The company president tugs stiffly at the cuffs of his shirt and clears his throat. If I don’t mind, he’ll start with the big picture. India has over five thousand towns and nearly four hundred cities, he begins. Between them, they accommodate more than three hundred million people, just over a quarter of India’s population. The country’s urban residents are set to nearly double over the next twenty years.

‘Imagine, two hundred and forty million more people. Our cities are already bursting at the seams as it is.’

He pauses to allow me to digest the figures. Roughly four times the population of the UK. The numbers, indeed, are baffling. But then numbers in the world’s second most populous country often are.

Next come the demographics. In debonair tones, the real-estate boss tells me of India’s ‘demographic dividend’. More than half of all Indians are currently under the age of twenty-five. With the youngest working population on the planet, India has the potential to become the world’s factory. Get it right and it could become its chief service provider too.

Neither outcome will materialise, he stresses, unless the country sorts out its cities. India’s metropolises, not the countryside, will provide the jobs of tomorrow. For that to happen, the existing urban infrastructure must be completely overhauled.

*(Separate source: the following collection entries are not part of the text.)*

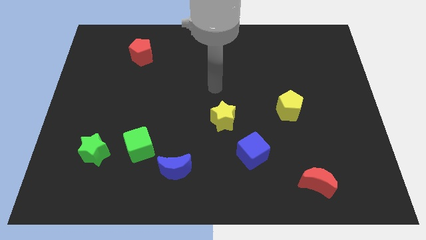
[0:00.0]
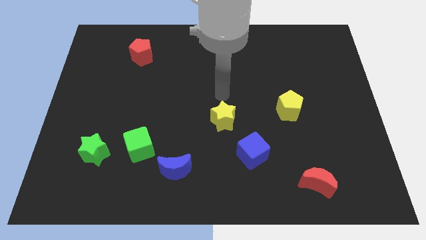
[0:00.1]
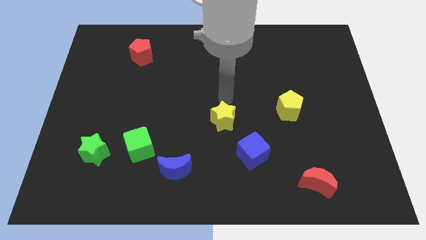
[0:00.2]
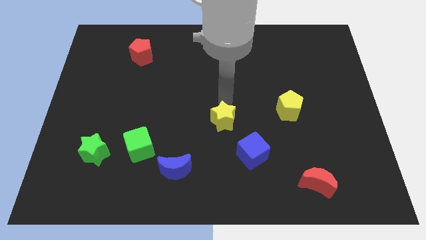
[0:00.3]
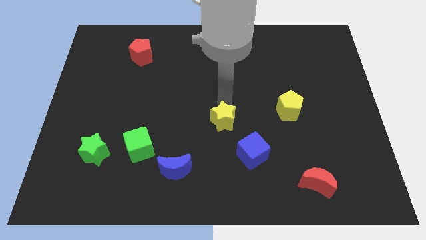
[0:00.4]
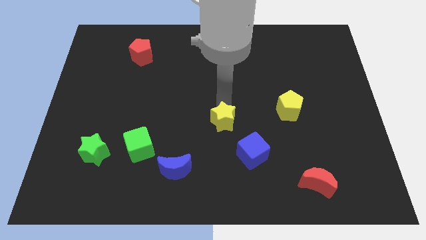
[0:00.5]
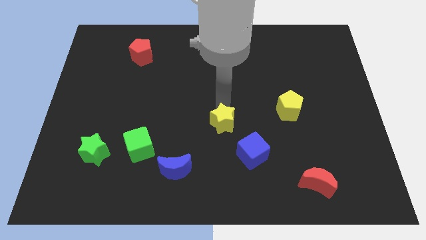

The president checks his watch. He has a couple more minutes. His focus narrows.

Mahindra Lifespaces cannot remodel India’s cities alone. What it can do is create ‘islands of excellence’. The World City, he hopes, will prove to be exactly that. The Indian-owned property-development firm is already pouring billions of rupees into a second such project outside Jaipur, the capital of Rajasthan. Mr Nanda’s urban archipelago of next-generation cities is taking shape.

There is one more motivation he’d like to share. Just quickly. It is of a more personal nature. He was sitting at his desk one evening, pointing across his spacious office, when an up-and-coming manager knocked on the door. ‘We had some business to wrap up. It was late.’ In the paternalistic way of old-style managers, the president had asked after the junior’s family. The question brought unexpected tears to the younger man’s eyes. He had a newborn daughter, he’d explained. He barely got to see her.

The president believes India’s talented youth merit more. A two-hour commute, a tiny flat on the edge of town, a complete lack of family time. Is that the sum of all their efforts, what the citizens of New India have to look forward to? ‘This poor kid graduated from a good engineering college. He’s got a good MBA. He deserves better.’ Which is where Mr Nanda’s vision for the World City comes in. Everything under one roof. A place to Work, Live, Learn, Play, as the company’s motto puts it.

‘Now you will excuse me, I trust. My lunch appointment is calling.’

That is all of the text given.